Records from a data collection:
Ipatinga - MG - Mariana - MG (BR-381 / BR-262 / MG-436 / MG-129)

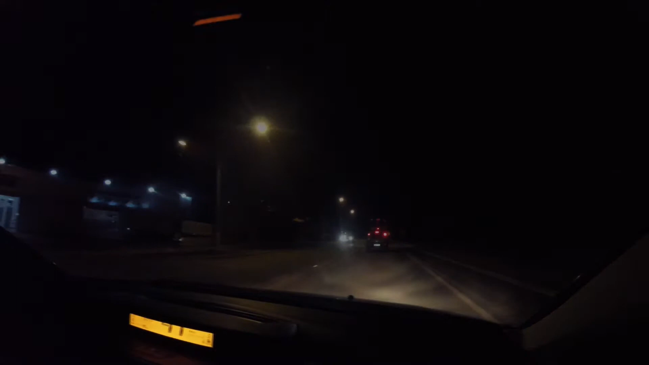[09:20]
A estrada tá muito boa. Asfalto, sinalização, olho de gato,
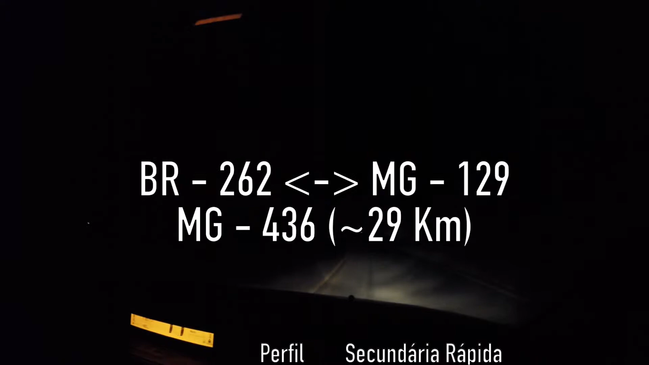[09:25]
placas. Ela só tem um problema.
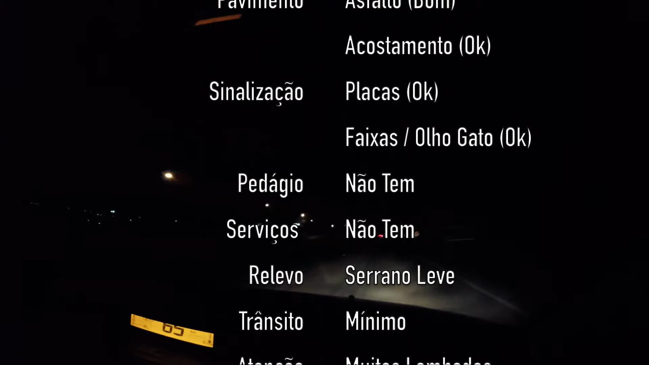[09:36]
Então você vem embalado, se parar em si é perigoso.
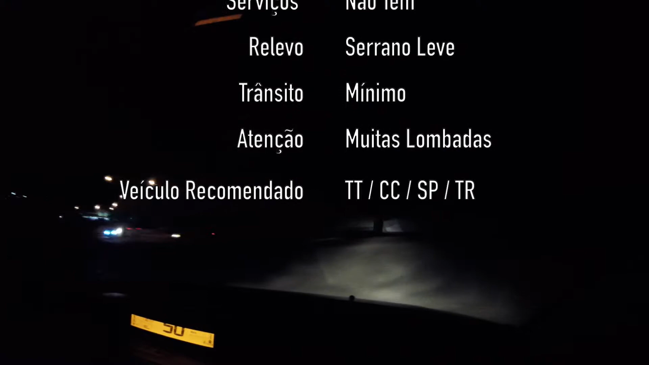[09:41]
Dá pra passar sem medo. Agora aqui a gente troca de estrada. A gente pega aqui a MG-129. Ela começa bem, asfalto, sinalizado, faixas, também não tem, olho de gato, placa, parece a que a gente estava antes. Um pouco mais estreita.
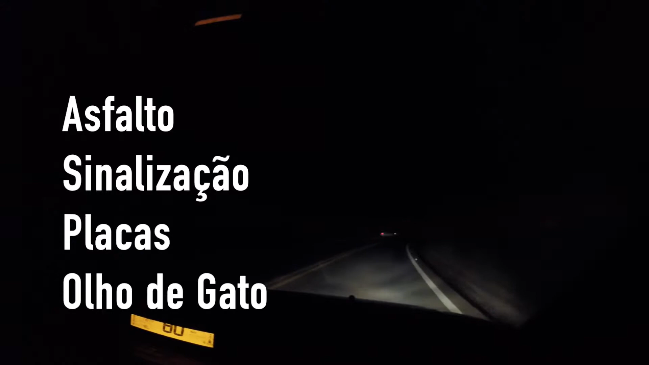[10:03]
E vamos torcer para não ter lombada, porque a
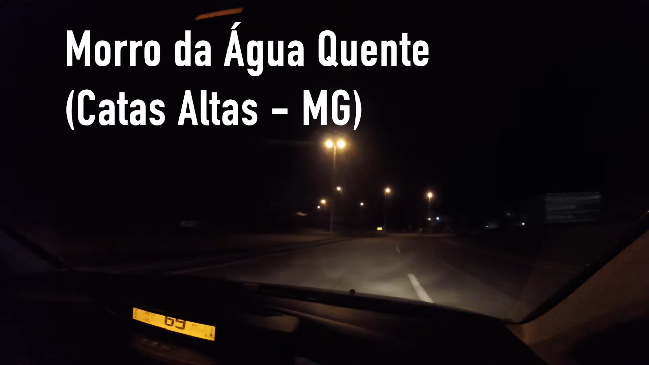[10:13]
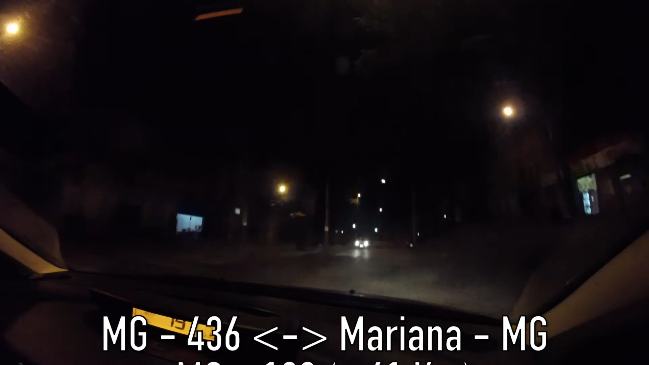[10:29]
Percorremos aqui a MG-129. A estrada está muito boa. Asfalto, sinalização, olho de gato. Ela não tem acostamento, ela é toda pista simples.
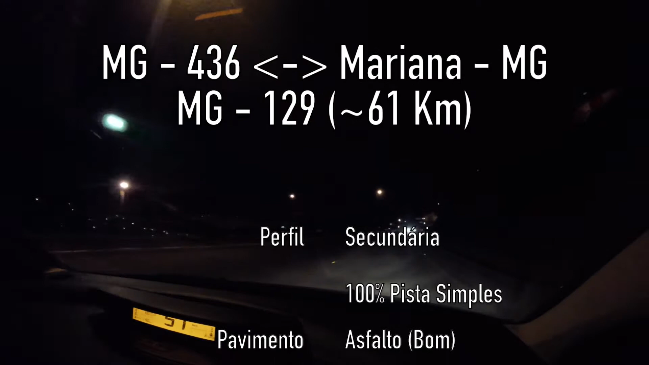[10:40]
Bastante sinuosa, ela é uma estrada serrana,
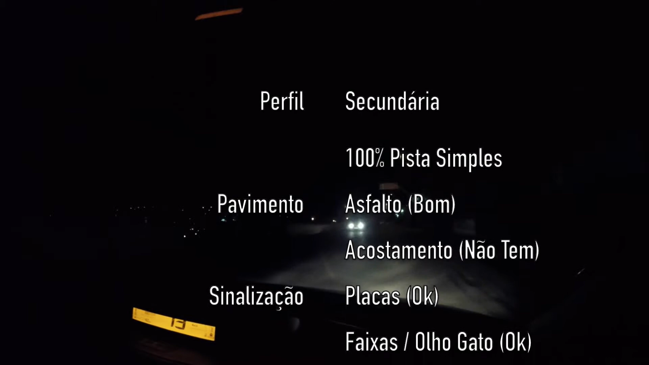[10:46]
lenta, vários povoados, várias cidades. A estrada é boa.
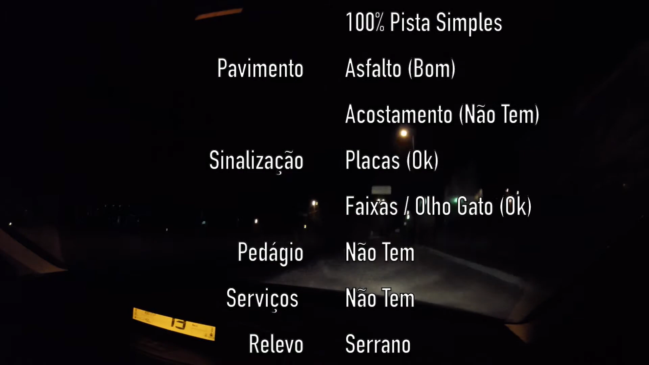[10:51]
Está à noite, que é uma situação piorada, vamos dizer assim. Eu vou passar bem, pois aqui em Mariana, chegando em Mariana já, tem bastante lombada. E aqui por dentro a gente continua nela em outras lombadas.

Exercise aim
Exact copy, no pictures: please print every record above as written.

Result of this exercise
Ipatinga - MG - Mariana - MG (BR-381 / BR-262 / MG-436 / MG-129)

[09:20]
A estrada tá muito boa. Asfalto, sinalização, olho de gato,
[09:25]
placas. Ela só tem um problema.
[09:36]
Então você vem embalado, se parar em si é perigoso.
[09:41]
Dá pra passar sem medo. Agora aqui a gente troca de estrada. A gente pega aqui a MG-129. Ela começa bem, asfalto, sinalizado, faixas, também não tem, olho de gato, placa, parece a que a gente estava antes. Um pouco mais estreita.
[10:03]
E vamos torcer para não ter lombada, porque a
[10:13]
[10:29]
Percorremos aqui a MG-129. A estrada está muito boa. Asfalto, sinalização, olho de gato. Ela não tem acostamento, ela é toda pista simples.
[10:40]
Bastante sinuosa, ela é uma estrada serrana,
[10:46]
lenta, vários povoados, várias cidades. A estrada é boa.
[10:51]
Está à noite, que é uma situação piorada, vamos dizer assim. Eu vou passar bem, pois aqui em Mariana, chegando em Mariana já, tem bastante lombada. E aqui por dentro a gente continua nela em outras lombadas.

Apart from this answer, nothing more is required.